**Excerpted data**
==========

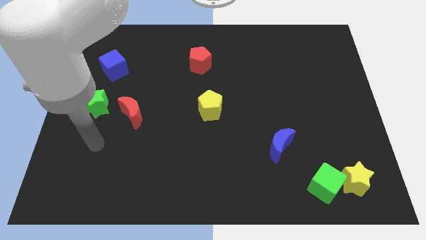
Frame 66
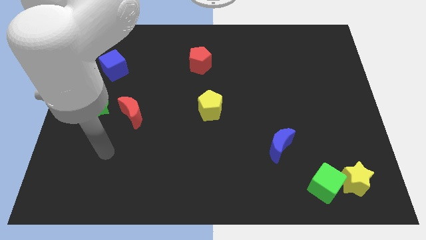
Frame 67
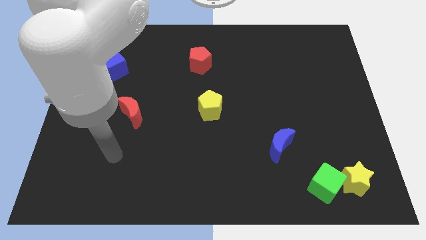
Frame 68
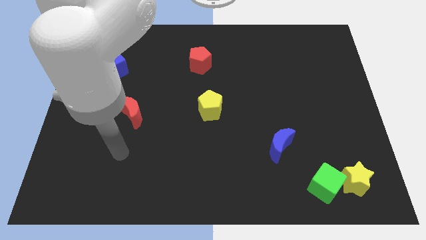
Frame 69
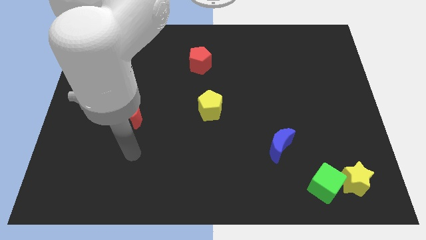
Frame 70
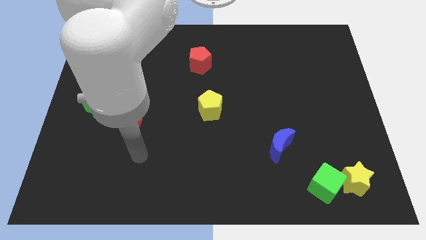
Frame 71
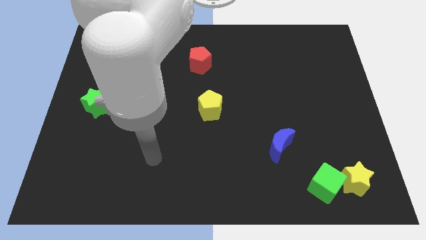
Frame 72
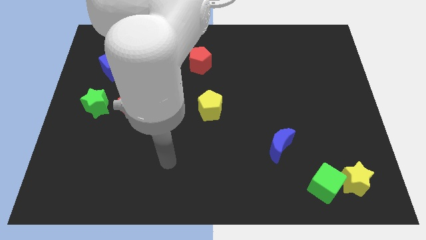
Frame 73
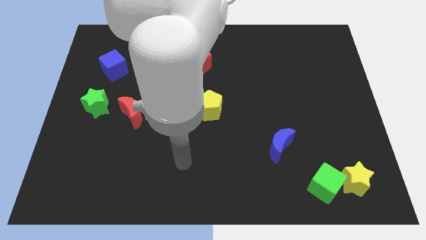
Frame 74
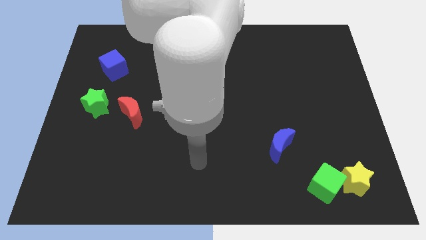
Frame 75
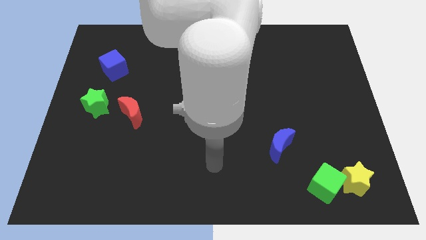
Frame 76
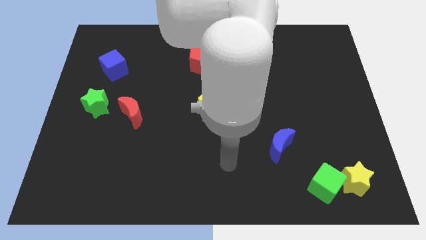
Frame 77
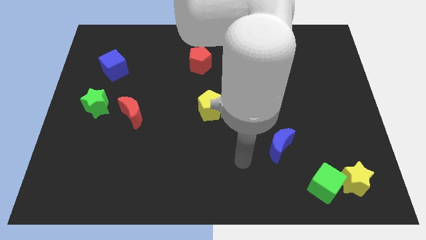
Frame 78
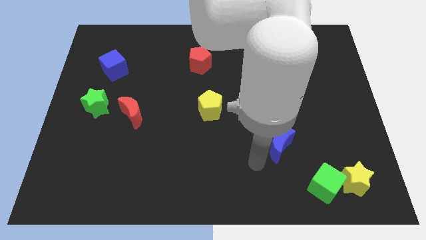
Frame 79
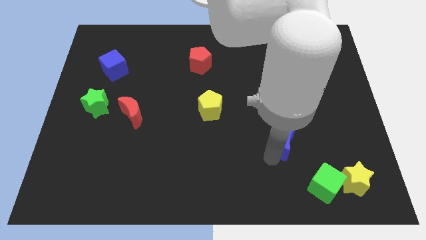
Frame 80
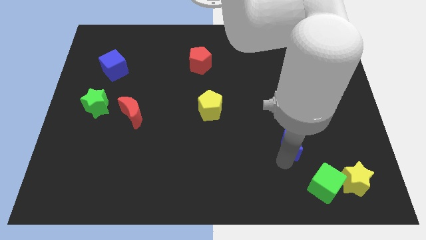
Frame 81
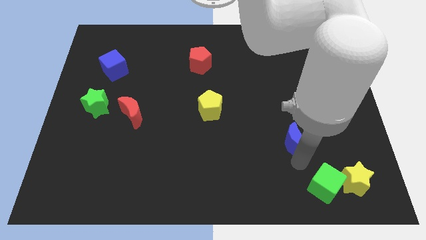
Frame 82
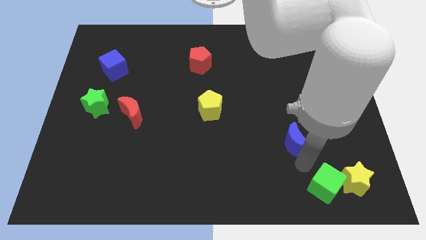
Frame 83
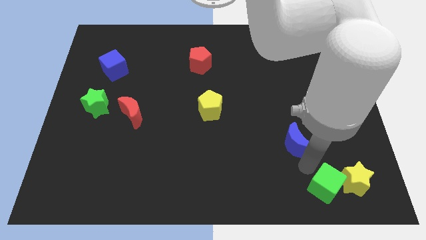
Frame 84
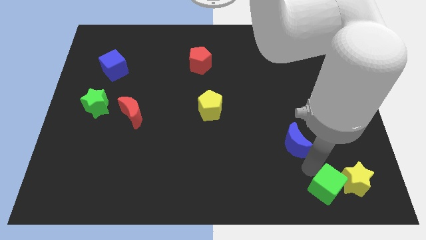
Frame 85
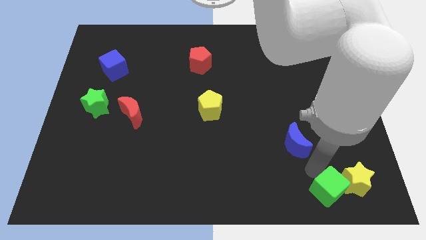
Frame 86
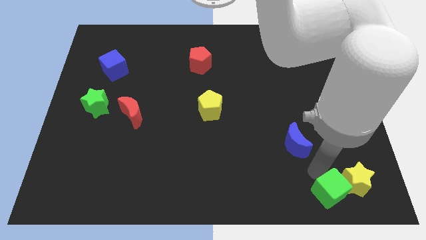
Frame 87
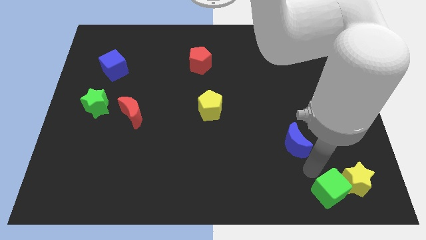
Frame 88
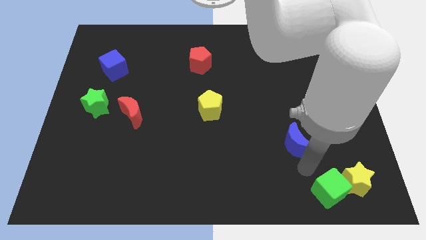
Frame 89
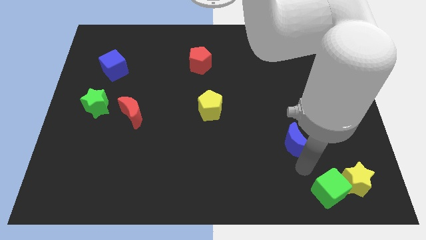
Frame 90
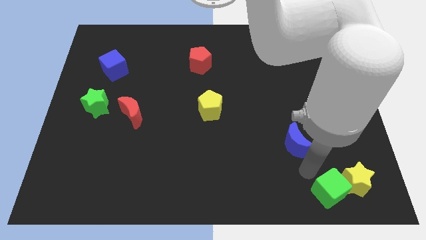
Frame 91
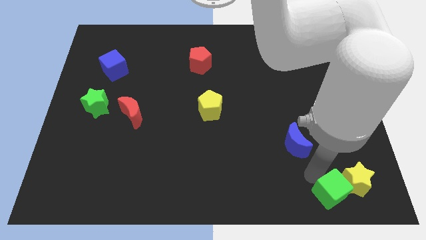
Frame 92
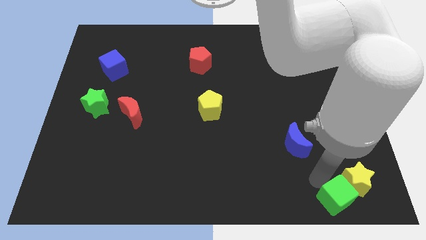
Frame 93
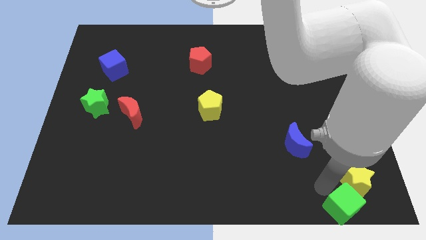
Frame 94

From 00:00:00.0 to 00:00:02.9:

==========

**Activity**
Repeat the whole of the material above exactly, but keep the pictures out.

**Solution**
Frame 66
Frame 67
Frame 68
Frame 69
Frame 70
Frame 71
Frame 72
Frame 73
Frame 74
Frame 75
Frame 76
Frame 77
Frame 78
Frame 79
Frame 80
Frame 81
Frame 82
Frame 83
Frame 84
Frame 85
Frame 86
Frame 87
Frame 88
Frame 89
Frame 90
Frame 91
Frame 92
Frame 93
Frame 94

From 00:00:00.0 to 00:00:02.9:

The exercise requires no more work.